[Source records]
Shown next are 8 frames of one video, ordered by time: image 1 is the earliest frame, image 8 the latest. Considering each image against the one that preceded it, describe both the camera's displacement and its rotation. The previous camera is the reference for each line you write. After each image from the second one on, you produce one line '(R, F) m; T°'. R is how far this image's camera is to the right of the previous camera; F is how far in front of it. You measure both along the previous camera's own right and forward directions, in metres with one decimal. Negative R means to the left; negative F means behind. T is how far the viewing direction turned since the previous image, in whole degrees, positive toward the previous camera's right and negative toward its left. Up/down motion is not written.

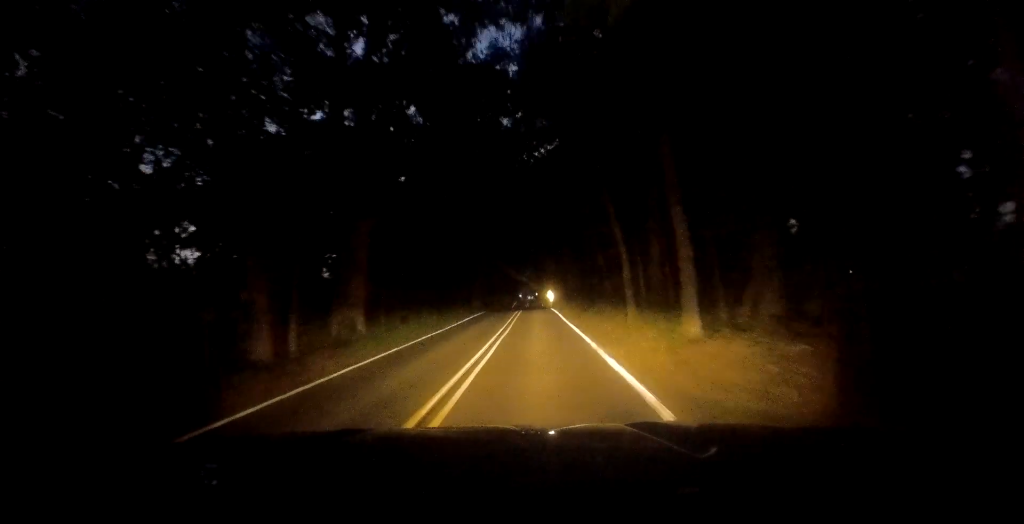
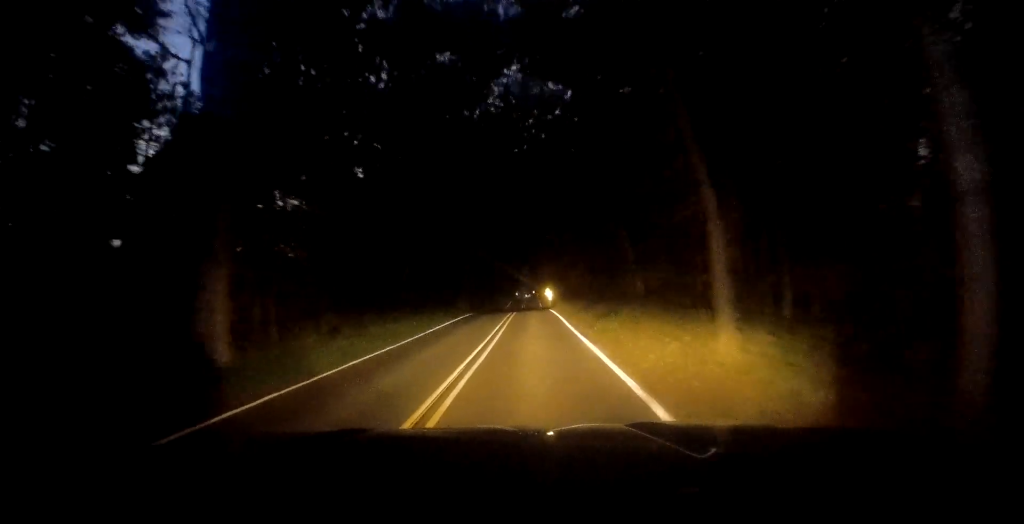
(+0.3, +9.1) m; 0°
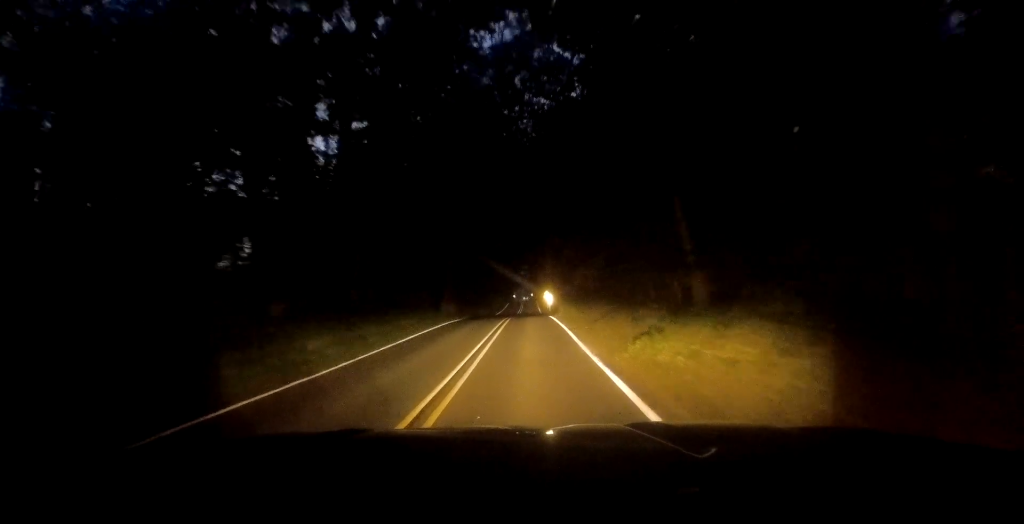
(+0.1, +7.4) m; 0°
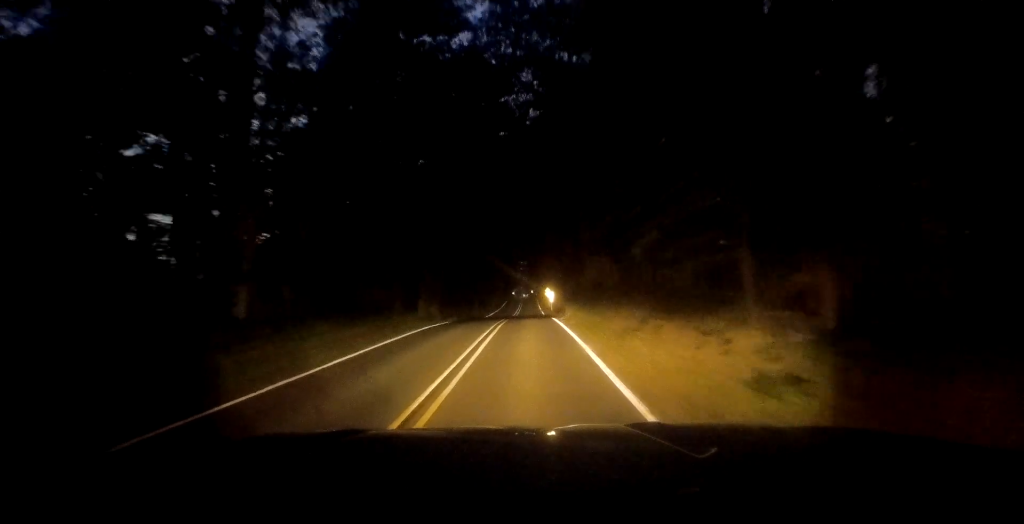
(-0.4, +8.2) m; 0°
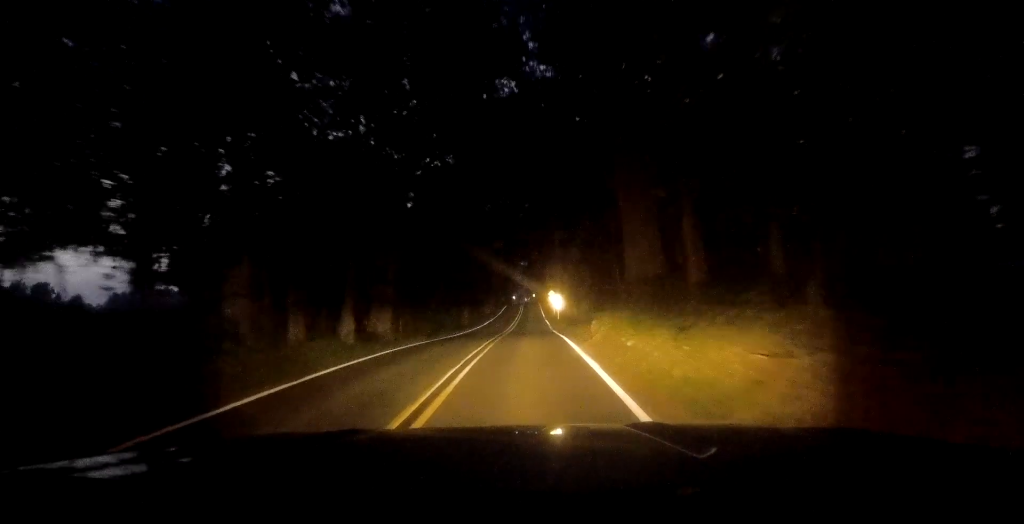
(+0.4, +13.5) m; 0°
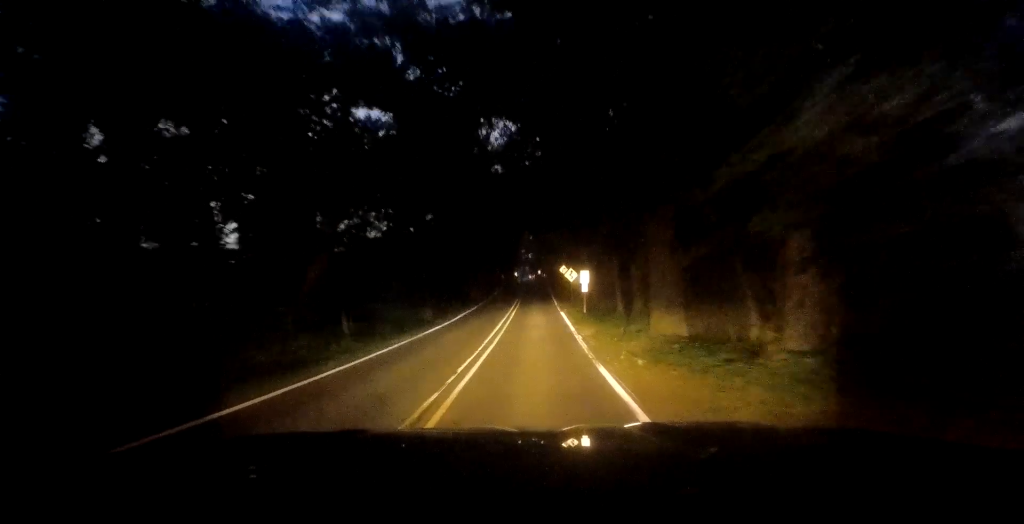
(0.0, +25.1) m; +2°
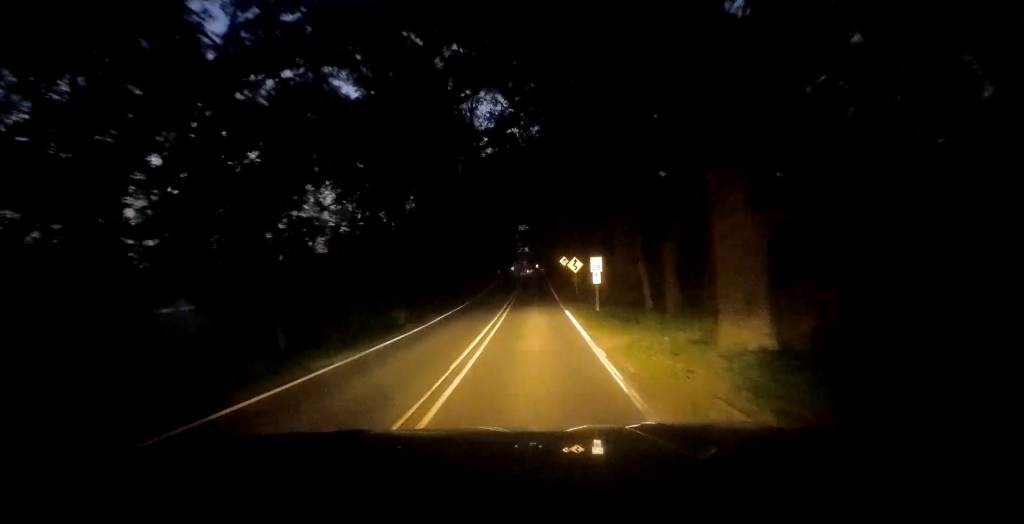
(0.0, +7.4) m; -1°
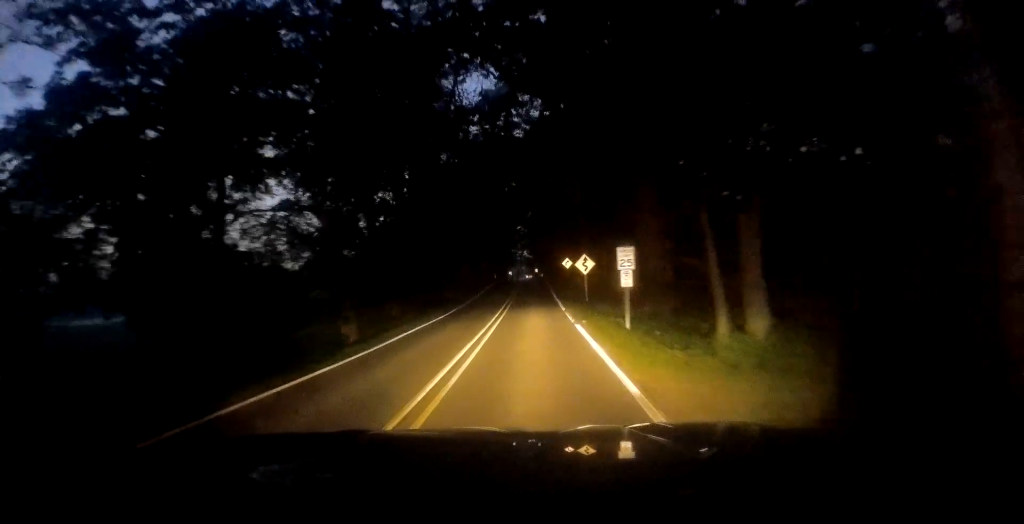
(0.0, +8.2) m; -1°

> [Exercise aim]
The pictures should be dropped, and every line above should be set down again exactly.

> [Solution for this exercise]
Shown next are 8 frames of one video, ordered by time: image 1 is the earliest frame, image 8 the latest. Considering each image against the one that preceded it, describe both the camera's displacement and its rotation. The previous camera is the reference for each line you write. After each image from the second one on, you produce one line '(R, F) m; T°'. R is how far this image's camera is to the right of the previous camera; F is how far in front of it. You measure both along the previous camera's own right and forward directions, in metres with one decimal. Negative R means to the left; negative F means behind. T is how far the viewing direction turned since the previous image, in whole degrees, positive toward the previous camera's right and negative toward its left. Up/down motion is not written.

(+0.3, +9.1) m; 0°
(+0.1, +7.4) m; 0°
(-0.4, +8.2) m; 0°
(+0.4, +13.5) m; 0°
(0.0, +25.1) m; +2°
(0.0, +7.4) m; -1°
(0.0, +8.2) m; -1°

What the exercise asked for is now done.